David Cameron chaired an emergency meeting today on the Algerian hostage crisis which Downing Street described as a “very serious and dangerous situation”.
A second session of Whitehall’s Cobra committee – bringing together ministers, military chiefs and the intelligence services – is to be held this afternoon.
The seizure of hostages has hit Mr Cameron’s preparations for a much-anticipated speech setting out future Tory direction on European Union policy which he is due to make tomorrow in Amsterdam.
Downing Street insisted he was still planning to travel to the Netherlands – and that preparations were being put in place for Mr Cameron to chair a further Cobra meeting tomorrow despite being out of the country. William Hague, the Foreign Secretary, is also out of Britain on a visit to Australia.
Mr Cameron’s official spokesman said: “The Prime Minister is always in charge. He often makes speeches.”
He has spoken to his Algerian counterpart, Abdelmalek Sellal, about the crisis, as well as the Japanese and Swedish Prime Ministers. Both nations have a number of hostages in the Algerian oil field.

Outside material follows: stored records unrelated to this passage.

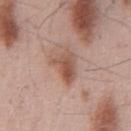Findings:
* site — the chest
* tile lighting — white-light
* patient — male, aged 53–57
* automated metrics — an average lesion color of about L≈54 a*≈20 b*≈28 (CIELAB) and a lesion–skin lightness drop of about 11; a border-irregularity rating of about 4.5/10, a within-lesion color-variation index near 5.5/10, and radial color variation of about 2; a classifier nevus-likeness of about 50/100 and a lesion-detection confidence of about 100/100
* imaging modality — ~15 mm tile from a whole-body skin photo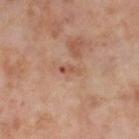{
  "biopsy_status": "not biopsied; imaged during a skin examination",
  "site": "right thigh",
  "lesion_size": {
    "long_diameter_mm_approx": 2.5
  },
  "image": {
    "source": "total-body photography crop",
    "field_of_view_mm": 15
  },
  "automated_metrics": {
    "cielab_L": 54,
    "cielab_a": 23,
    "cielab_b": 31,
    "vs_skin_darker_L": 9.0,
    "vs_skin_contrast_norm": 6.0,
    "border_irregularity_0_10": 3.0,
    "color_variation_0_10": 0.0,
    "peripheral_color_asymmetry": 0.0,
    "nevus_likeness_0_100": 0,
    "lesion_detection_confidence_0_100": 100
  },
  "patient": {
    "sex": "female",
    "age_approx": 55
  }
}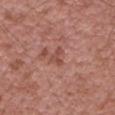notes: catalogued during a skin exam; not biopsied
acquisition: ~15 mm crop, total-body skin-cancer survey
lesion size: about 2.5 mm
image-analysis metrics: a lesion color around L≈49 a*≈25 b*≈27 in CIELAB, a lesion–skin lightness drop of about 8, and a lesion-to-skin contrast of about 6 (normalized; higher = more distinct); border irregularity of about 6.5 on a 0–10 scale, a color-variation rating of about 0/10, and a peripheral color-asymmetry measure near 0
subject: male, aged 48–52
site: the left upper arm
illumination: white-light illumination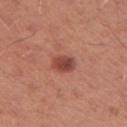{
  "biopsy_status": "not biopsied; imaged during a skin examination",
  "image": {
    "source": "total-body photography crop",
    "field_of_view_mm": 15
  },
  "patient": {
    "sex": "male",
    "age_approx": 30
  },
  "lesion_size": {
    "long_diameter_mm_approx": 3.0
  },
  "lighting": "white-light",
  "site": "left upper arm"
}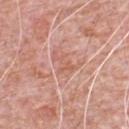biopsy_status: not biopsied; imaged during a skin examination
lesion_size:
  long_diameter_mm_approx: 3.0
site: chest
automated_metrics:
  eccentricity: 0.8
  cielab_L: 60
  cielab_a: 25
  cielab_b: 29
  vs_skin_darker_L: 6.0
  border_irregularity_0_10: 9.0
  color_variation_0_10: 0.0
lighting: white-light
patient:
  sex: male
  age_approx: 80
image:
  source: total-body photography crop
  field_of_view_mm: 15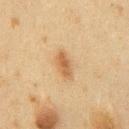Image and clinical context: The lesion is on the chest. A male patient about 60 years old. A 15 mm crop from a total-body photograph taken for skin-cancer surveillance. The recorded lesion diameter is about 4 mm. Imaged with cross-polarized lighting.

Mr Cameron’s spokesman said Britain was allowing the Algerian government to take the lead in responding to the crisis. He said the Government was “working through” the Algerians and BP, which part-controls the facility, and indicated that Britain had not received any requests for help.
One Whitehall source said: “This is a situation where the Algerian government, understandably, very much sees itself as in the lead in its sovereign territory.”